Now that steel and whalebone have dissolved into oblivion (only to emerge once every first Monday in May at the Met), corsets are no longer metaphors for captivity and the patriarchal. Witness Cadwallader’s design process.

“Mugler is a laboratory where we try to find new ways of making things, and new materials to make things out of,” he says. “We use laser-cutting and bonding, which embeds the boning inside the garment without stitches. This makes it effective for body shaping and is comfortable, functional and easy to wear.” Such methods inform a direction that blends couture with sport. “It’s for people on concert tours, their performances at award shows and music videos. That makes things so exciting right now, which inspires me the most.”

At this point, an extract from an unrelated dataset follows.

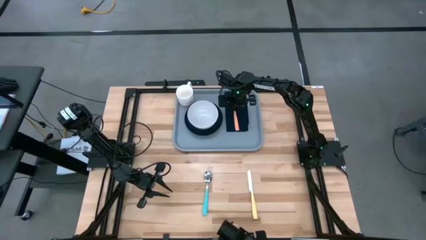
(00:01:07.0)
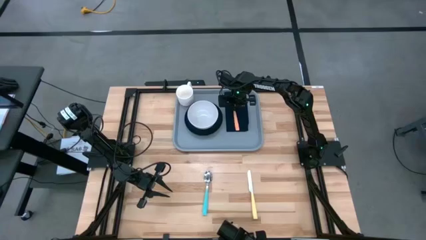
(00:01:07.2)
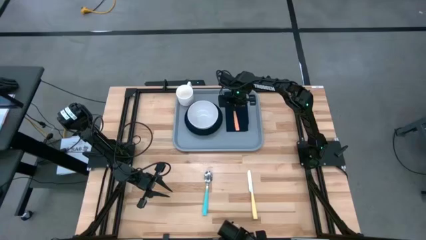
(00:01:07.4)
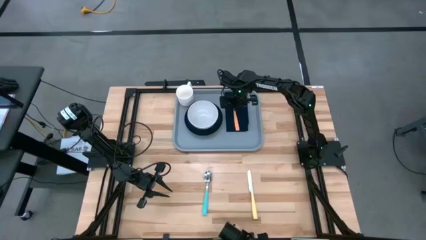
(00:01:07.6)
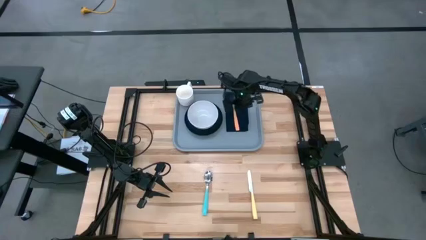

For his latest collection, Cadwallader deconstructs suits, tops, dresses and pretty much anything he can get his hands on, only to rebuild them into shapes that defy the physical. There are Lycra bodysuits styled with tiny skirts, a bandeau top that bleeds into a glove, and golden body chains that could make the costumes in Denis Villeneuve movies pale in comparison. “The inspiration comes in two parts,” says Cadwallader. “One is about continuing what’s become for me the Mugler wardrobe, a mixture of denim, Lycra and illusion pieces, then bringing them forward and adding new technologies and cuts.”

“The second is the newness of the season. In this case, I was looking for fluidity,” he says, dressing the thought further. “I love the tops that are gloves, that have scarves attached to them, that are dresses that tie on the side and all of these things have long pieces of fabric that follow someone as they walk and add a whoosh to the look. It was brought most forward in the leather pieces with long scarves that almost reach the floor, and can either be worn in the front or on the shoulder. And the kinetic pieces are the snake chains that are draped around the body.”
Suffused with Cadwallader’s aesthetic alchemy, today’s house of Mugler appears to be in unapologetically sophisticated hands.